■ Work task ■
Report, in full, each line of the material below in which the string "combinations" occurs.

** Data under study follows **

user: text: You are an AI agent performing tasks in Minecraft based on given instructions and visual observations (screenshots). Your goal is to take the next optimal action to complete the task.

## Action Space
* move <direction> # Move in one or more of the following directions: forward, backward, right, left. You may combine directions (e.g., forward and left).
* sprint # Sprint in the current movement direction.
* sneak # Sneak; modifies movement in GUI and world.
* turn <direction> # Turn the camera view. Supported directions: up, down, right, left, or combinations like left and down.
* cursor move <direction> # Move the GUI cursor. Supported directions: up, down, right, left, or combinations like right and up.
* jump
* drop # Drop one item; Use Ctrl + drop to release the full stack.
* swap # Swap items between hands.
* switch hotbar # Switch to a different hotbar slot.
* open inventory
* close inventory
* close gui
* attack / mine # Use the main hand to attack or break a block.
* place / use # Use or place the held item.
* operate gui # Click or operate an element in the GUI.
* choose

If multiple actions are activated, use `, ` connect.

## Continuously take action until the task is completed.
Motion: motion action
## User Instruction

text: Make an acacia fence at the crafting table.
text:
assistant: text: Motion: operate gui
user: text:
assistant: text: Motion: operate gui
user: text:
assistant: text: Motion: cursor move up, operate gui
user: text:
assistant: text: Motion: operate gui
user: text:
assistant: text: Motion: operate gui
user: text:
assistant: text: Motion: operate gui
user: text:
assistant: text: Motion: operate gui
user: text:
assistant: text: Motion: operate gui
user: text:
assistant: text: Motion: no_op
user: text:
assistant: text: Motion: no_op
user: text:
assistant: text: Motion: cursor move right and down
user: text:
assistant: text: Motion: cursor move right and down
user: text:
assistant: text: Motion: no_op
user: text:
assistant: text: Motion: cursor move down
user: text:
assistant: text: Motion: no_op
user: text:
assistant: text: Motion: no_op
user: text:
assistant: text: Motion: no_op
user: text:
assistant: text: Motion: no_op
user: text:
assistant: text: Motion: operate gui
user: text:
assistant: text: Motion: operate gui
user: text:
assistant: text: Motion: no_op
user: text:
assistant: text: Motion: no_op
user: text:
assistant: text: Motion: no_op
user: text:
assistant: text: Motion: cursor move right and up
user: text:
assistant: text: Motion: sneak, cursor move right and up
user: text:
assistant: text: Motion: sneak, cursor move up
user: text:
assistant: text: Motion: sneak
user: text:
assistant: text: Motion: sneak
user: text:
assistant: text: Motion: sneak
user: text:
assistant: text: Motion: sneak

** End of Data under study **

■ Task output ■
* turn <direction> # Turn the camera view. Supported directions: up, down, right, left, or combinations like left and down.
* cursor move <direction> # Move the GUI cursor. Supported directions: up, down, right, left, or combinations like right and up.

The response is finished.